Christophe Point consacre sa contribution à faire dialoguer – à l’aune des défis démocratiques contemporains – Ogien et John Dewey sur le terrain de la philosophie morale de l’éducation. Sans nier qu’il existe des différences importantes entre leurs pensées respectives, l’auteur suggère qu’ils pourraient trouver à dialoguer de manière féconde autour d’une éthique éducative de l’hospitalité, qui pourrait s’entendre tout à la fois comme hospitalité envers soi-même, envers autrui et envers les savoirs. Une expérience de pensée sert de fil rouge à sa contribution : Ogien et Dewey travaillant dans la même école et se découvrant à la fois heureux de cette expérience et communément inquiets, comme ne peuvent que l’être des philosophes qui pensent l’avenir démocratique irrémédiablement ouvert.

Le texte de Maxime Morsa suggère un rapprochement entre la relation éducative et la relation de soin avec des personnes atteintes de maladie chronique, en cela qu’il s’agit d’y penser des processus d’autonomisation au long cours, respectueux de l’autonomie individuelle de droit de celles et ceux qu’il s’agit alors d’accompagner. Dans cette perspective, l’éthique minimale d’Ogien constitue une ressource précieuse et polymorphe pour contrer les risques de moralisme et de paternalisme pouvant être inhérents à chaque intervention d’éducation des patients et patientes.

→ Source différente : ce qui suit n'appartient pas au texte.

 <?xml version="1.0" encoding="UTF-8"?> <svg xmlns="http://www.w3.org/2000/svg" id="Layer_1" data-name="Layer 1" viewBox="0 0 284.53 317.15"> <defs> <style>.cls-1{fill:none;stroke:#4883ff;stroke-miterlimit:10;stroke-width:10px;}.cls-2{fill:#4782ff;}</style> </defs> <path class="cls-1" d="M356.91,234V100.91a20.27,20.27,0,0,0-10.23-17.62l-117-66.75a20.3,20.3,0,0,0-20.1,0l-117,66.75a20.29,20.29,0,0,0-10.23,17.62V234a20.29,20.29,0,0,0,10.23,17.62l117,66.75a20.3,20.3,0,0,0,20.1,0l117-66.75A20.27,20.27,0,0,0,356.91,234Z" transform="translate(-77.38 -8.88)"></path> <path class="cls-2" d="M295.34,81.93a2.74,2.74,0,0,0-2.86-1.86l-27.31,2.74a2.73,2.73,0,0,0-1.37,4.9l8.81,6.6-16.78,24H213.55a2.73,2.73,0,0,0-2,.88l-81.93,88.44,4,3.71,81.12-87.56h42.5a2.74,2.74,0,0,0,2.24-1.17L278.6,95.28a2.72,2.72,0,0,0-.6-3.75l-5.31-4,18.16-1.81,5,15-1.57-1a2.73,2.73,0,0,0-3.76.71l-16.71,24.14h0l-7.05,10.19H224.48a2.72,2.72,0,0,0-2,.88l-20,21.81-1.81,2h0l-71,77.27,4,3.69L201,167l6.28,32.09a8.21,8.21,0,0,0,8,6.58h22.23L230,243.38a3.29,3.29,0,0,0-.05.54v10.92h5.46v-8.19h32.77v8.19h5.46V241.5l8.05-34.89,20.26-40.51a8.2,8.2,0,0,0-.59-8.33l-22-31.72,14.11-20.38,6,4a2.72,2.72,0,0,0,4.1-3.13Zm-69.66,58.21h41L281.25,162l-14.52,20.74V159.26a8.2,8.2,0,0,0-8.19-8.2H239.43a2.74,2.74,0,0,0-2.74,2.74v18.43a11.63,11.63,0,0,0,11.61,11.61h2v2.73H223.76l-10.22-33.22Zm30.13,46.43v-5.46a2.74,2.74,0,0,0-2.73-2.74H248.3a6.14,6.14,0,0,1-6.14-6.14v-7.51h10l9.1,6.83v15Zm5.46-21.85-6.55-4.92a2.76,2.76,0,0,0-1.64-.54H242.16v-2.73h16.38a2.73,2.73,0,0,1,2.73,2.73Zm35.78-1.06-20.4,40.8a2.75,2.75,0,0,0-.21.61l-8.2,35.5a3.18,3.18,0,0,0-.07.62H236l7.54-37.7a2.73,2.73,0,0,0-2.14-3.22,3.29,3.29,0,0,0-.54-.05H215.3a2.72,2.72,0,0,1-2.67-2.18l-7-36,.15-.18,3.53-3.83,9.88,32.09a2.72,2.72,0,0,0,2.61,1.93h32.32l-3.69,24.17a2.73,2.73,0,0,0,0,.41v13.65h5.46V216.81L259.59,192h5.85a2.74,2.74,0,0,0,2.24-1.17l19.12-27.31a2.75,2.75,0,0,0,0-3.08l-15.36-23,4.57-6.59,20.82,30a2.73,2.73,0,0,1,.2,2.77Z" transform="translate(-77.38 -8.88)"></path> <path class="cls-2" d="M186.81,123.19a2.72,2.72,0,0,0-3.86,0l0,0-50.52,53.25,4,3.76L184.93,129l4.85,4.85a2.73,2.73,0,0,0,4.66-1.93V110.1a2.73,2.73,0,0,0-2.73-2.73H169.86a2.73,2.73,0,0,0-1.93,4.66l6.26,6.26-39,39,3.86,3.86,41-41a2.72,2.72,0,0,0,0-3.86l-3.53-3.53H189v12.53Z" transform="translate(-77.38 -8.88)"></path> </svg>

Partir des dimensions aporétiques du projet éducatif et de la pratique éducative pour peser à leur juste mesure les apports possibles d’Ogien dans le domaine de la philosophie de l’éducation (non sans ouvrir eux-mêmes sur d’autres interrogations), tel est le pari de Vincent Lorius au sein du présent dossier. Il identifie ainsi trois domaines où, exemplairement les paradoxes du projet éducatif autorisent l’action éducative : la sanction, l’orientation et la prise en charge de la difficulté scolaire. Trois concepts forts de la pensée d’Ogien – faiblesse de la volonté, principe de non-nuisance et supériorité des droits sur les valeurs – sont centralement mobilisés pour porter sur ces thèmes classiques de la philosophie de l’éducation un regard renouvelé.

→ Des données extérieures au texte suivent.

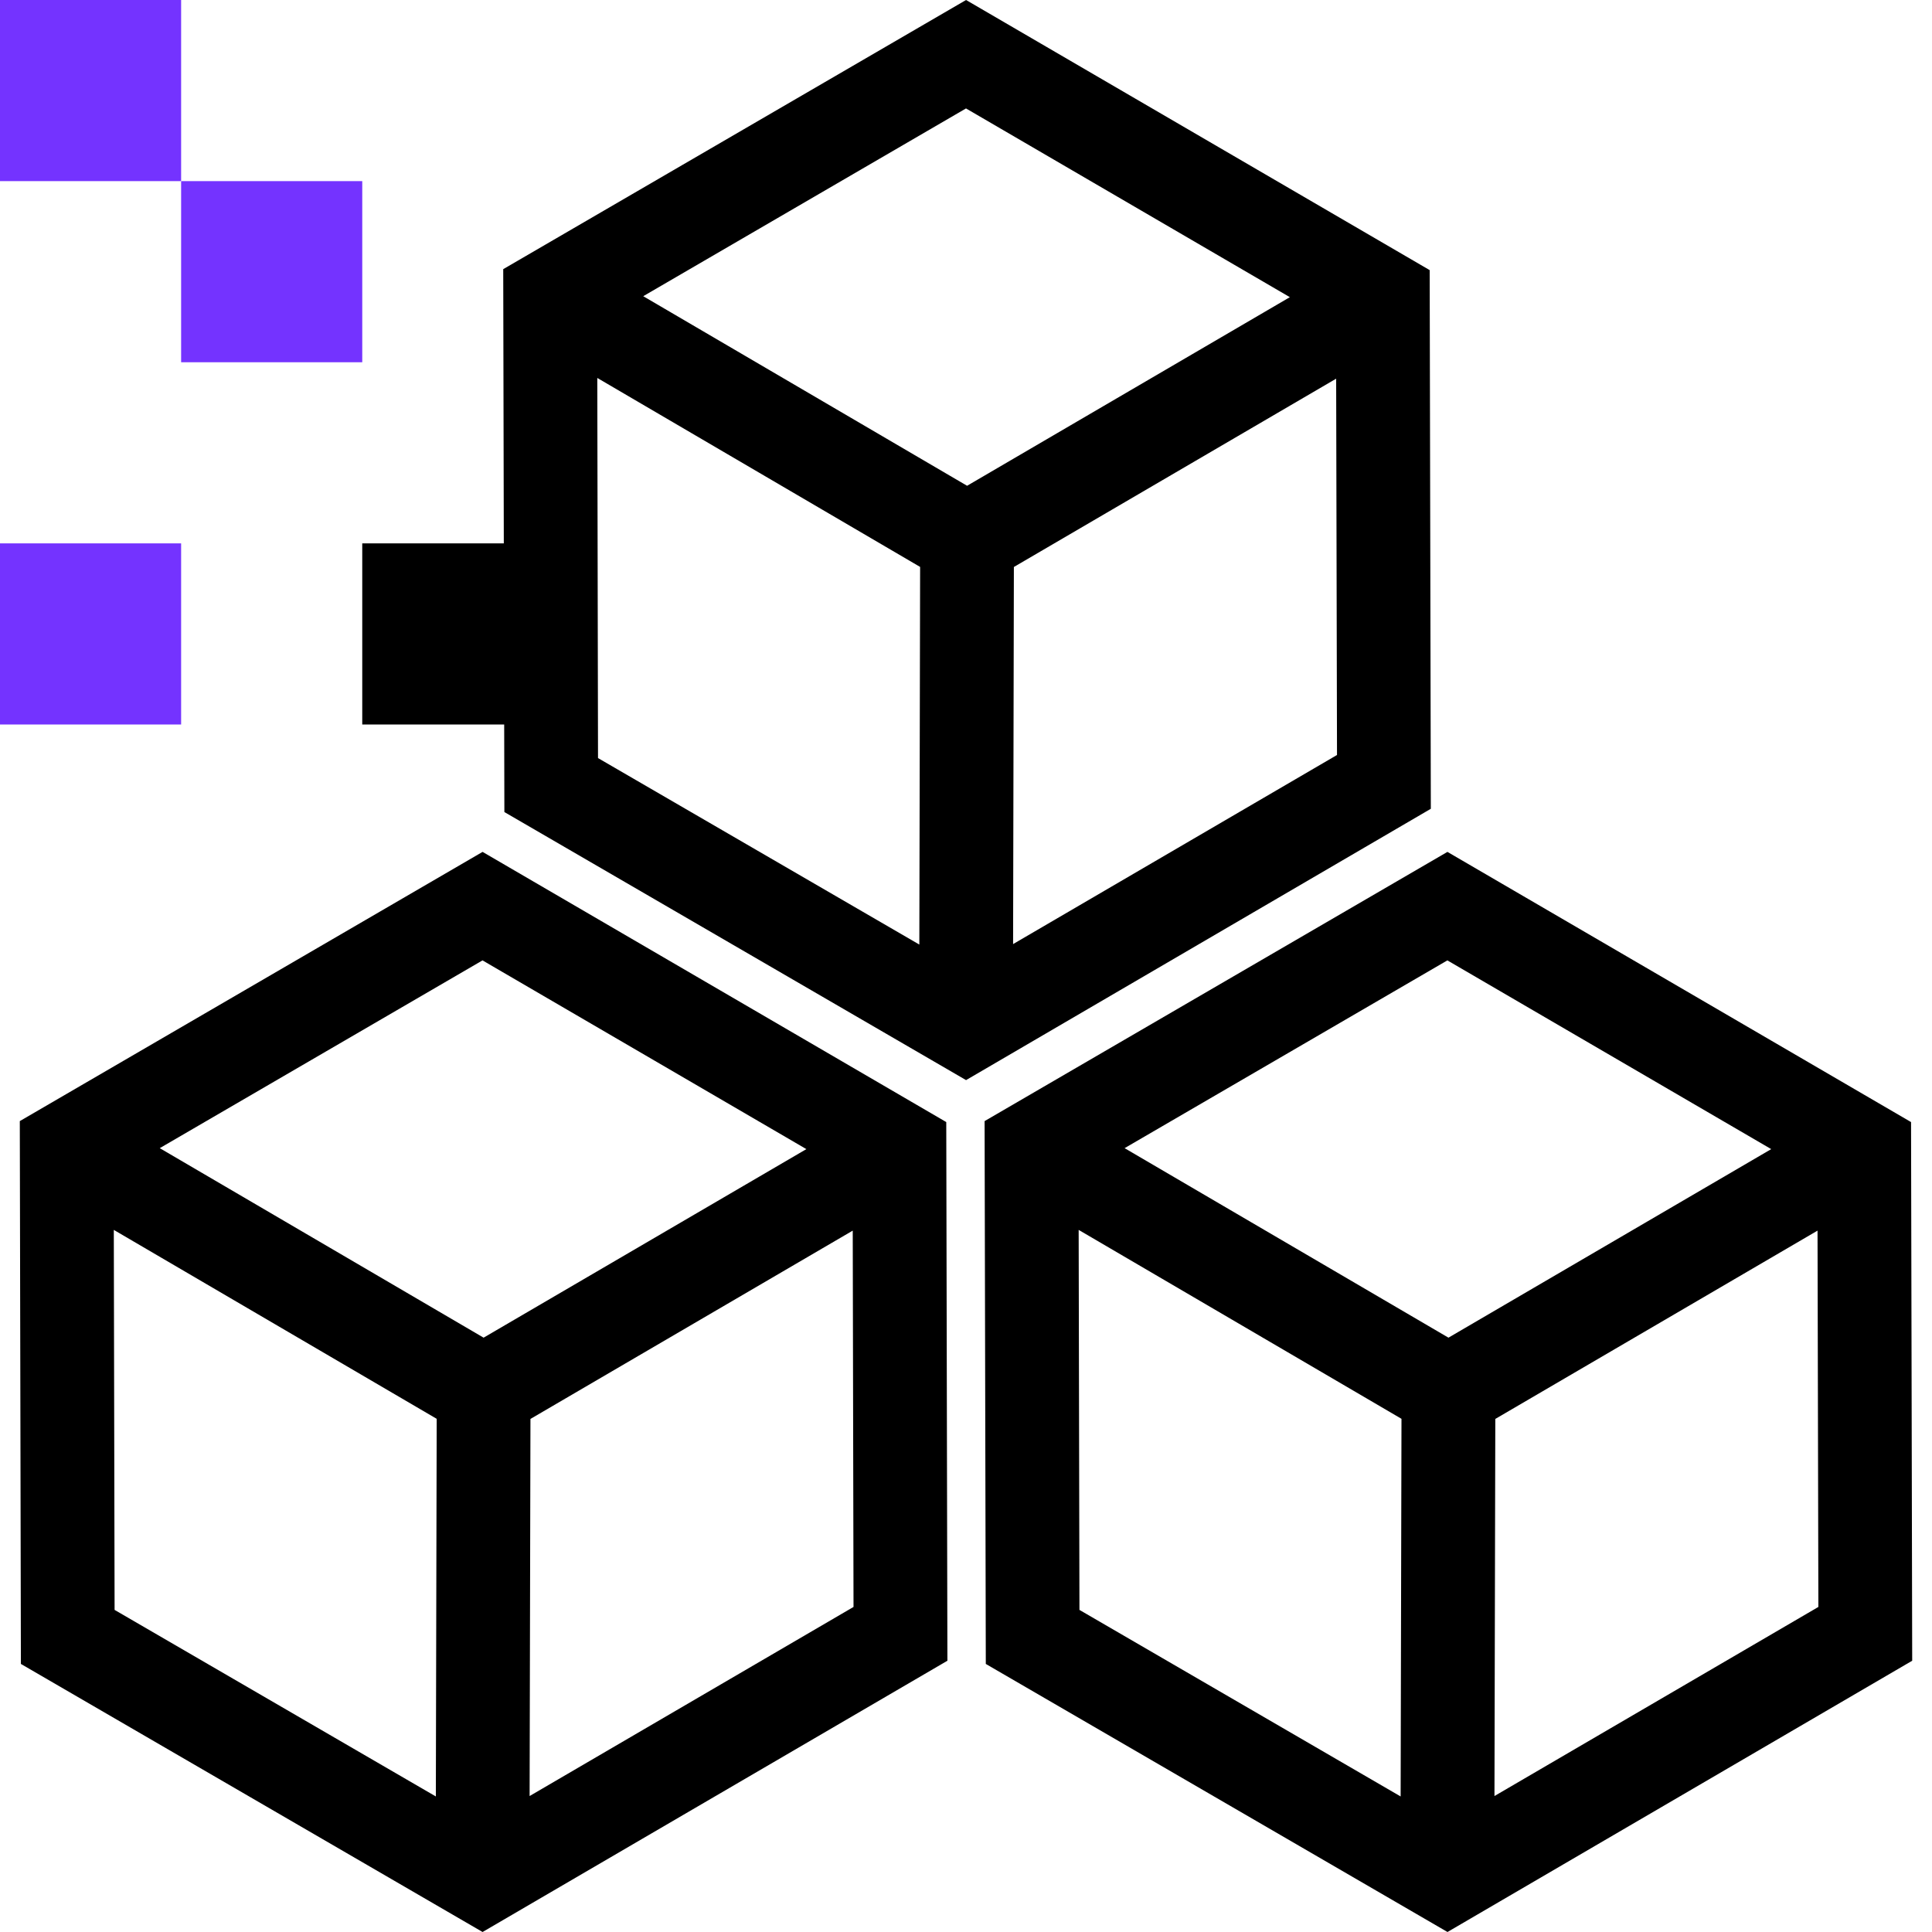 <svg width="32" height="32" viewBox="0 0 32 32" fill="none" xmlns="http://www.w3.org/2000/svg">
<path d="M15.692 27.507L15.673 18.585L7.993 14.11L0.328 18.569L0.346 27.56L7.993 32L15.692 27.507ZM8.772 29.748L8.786 23.502L14.124 20.383L14.137 26.616L8.772 29.748ZM7.992 15.907L13.356 19.033L8.01 22.156L2.646 19.017L7.992 15.907ZM1.885 20.371L7.233 23.5L7.219 29.755L1.898 26.665L1.885 20.371Z" fill="black"/>
<path d="M23.974 14.11L16.308 18.569L16.328 27.56L23.975 32L31.672 27.507L31.653 18.585L23.974 14.11ZM23.973 15.907L29.337 19.033L23.991 22.156L18.627 19.017L23.973 15.907ZM17.866 20.371L23.213 23.5L23.199 29.755L17.879 26.665L17.866 20.371ZM24.753 29.748L24.767 23.502L30.104 20.383L30.118 26.616L24.753 29.748Z" fill="black"/>
<path d="M23.68 4.474L16.001 0L8.335 4.458L8.354 13.45L16.001 17.89L23.699 13.396L23.68 4.474ZM16 1.796L21.364 4.922L16.018 8.046L10.654 4.906L16 1.796ZM9.893 6.26L15.24 9.39L15.227 15.645L9.905 12.556L9.893 6.26ZM16.78 15.637L16.793 9.391L22.131 6.272L22.145 12.505L16.78 15.637Z" fill="black"/>
<rect x="3" y="3" width="3" height="3" fill="#7433FF"/>
<rect width="3" height="3" fill="#7433FF"/>
<rect x="6" y="9" width="3" height="3" fill="black"/>
<rect y="9" width="3" height="3" fill="#7433FF"/>
</svg>

La mise en dialogue des trois termes clés du numéro – éthique minimale, individualisme et éducation – constitue la pierre d’assise de l’ensemble de ces contributions, qui toutes poursuivent depuis un point de départ différent l’objectif de mobiliser aussi largement que possible les potentialités heuristiques des propositions minimalistes pour penser l’éducation à l’autonomie d’un individu de droit aujourd’hui.

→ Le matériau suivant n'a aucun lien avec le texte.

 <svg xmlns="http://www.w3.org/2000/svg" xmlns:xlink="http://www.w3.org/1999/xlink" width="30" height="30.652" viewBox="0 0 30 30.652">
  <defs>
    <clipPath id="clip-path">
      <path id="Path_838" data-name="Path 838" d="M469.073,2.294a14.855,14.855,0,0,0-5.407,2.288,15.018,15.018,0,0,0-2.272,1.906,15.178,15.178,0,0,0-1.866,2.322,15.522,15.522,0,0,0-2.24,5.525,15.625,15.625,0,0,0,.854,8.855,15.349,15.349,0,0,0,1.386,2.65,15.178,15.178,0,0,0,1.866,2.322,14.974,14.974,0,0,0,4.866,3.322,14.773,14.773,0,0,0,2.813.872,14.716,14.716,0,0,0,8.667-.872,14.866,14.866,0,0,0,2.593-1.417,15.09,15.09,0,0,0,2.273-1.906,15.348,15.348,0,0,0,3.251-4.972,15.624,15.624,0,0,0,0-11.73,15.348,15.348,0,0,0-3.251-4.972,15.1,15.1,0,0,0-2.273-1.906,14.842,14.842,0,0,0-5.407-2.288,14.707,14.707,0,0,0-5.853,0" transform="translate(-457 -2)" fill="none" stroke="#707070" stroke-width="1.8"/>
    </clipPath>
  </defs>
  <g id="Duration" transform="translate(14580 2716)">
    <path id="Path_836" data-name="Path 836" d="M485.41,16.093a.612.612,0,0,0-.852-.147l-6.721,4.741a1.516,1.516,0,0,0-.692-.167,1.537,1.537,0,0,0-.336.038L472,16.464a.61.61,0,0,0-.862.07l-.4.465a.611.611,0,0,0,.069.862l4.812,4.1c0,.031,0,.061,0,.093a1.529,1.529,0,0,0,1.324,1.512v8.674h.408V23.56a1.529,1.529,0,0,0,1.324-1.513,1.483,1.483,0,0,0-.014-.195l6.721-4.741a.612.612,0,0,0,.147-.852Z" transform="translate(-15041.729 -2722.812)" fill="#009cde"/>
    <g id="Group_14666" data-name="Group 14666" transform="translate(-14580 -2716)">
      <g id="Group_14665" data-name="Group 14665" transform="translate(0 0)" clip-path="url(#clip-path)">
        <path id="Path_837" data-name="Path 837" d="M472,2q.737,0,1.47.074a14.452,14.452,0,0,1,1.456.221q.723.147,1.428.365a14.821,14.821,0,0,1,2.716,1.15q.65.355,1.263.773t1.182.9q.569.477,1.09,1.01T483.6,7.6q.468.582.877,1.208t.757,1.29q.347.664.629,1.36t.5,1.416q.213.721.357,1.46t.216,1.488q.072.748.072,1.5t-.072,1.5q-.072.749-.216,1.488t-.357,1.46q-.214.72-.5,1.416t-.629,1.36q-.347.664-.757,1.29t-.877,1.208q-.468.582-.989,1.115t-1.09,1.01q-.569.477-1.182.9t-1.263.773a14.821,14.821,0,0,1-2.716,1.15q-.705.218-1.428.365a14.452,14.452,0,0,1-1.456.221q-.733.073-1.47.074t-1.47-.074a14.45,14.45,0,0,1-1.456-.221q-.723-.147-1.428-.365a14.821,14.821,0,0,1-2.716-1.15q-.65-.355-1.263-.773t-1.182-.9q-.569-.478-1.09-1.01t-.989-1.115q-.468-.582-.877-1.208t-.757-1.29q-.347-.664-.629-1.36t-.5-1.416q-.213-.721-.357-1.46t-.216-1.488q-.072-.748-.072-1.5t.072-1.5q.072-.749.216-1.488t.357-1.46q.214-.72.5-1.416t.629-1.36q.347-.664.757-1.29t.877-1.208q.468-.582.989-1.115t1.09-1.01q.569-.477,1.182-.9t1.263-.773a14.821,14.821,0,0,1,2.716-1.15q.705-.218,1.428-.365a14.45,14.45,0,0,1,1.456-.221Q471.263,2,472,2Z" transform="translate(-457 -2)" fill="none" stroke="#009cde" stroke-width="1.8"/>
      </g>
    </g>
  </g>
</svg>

En varia, Issaka Yameogo nous entraîne à la rencontre de l’intellectuel burkinabé Joseph Ki‑Zerbo. Éminent historien et politique engagé, ce dernier est l’auteur d’une oeuvre imposante où, comme la présente contribution en témoigne, les thématiques de la philosophie morale et politique de l’éducation ne sont jamais absentes. Explorant ce corpus, Yameogo oppose – en particulier sur le plan des rapports entre individu et société – l’éducation originelle africaine et l’école exogène héritée de la colonisation. Pour Ki‑Zerbo et sur fond de conviction panafricaniste, nulle autonomie effective de l’Afrique ne serait ainsi possible sans un passage à une école africaine endogène et intégrée.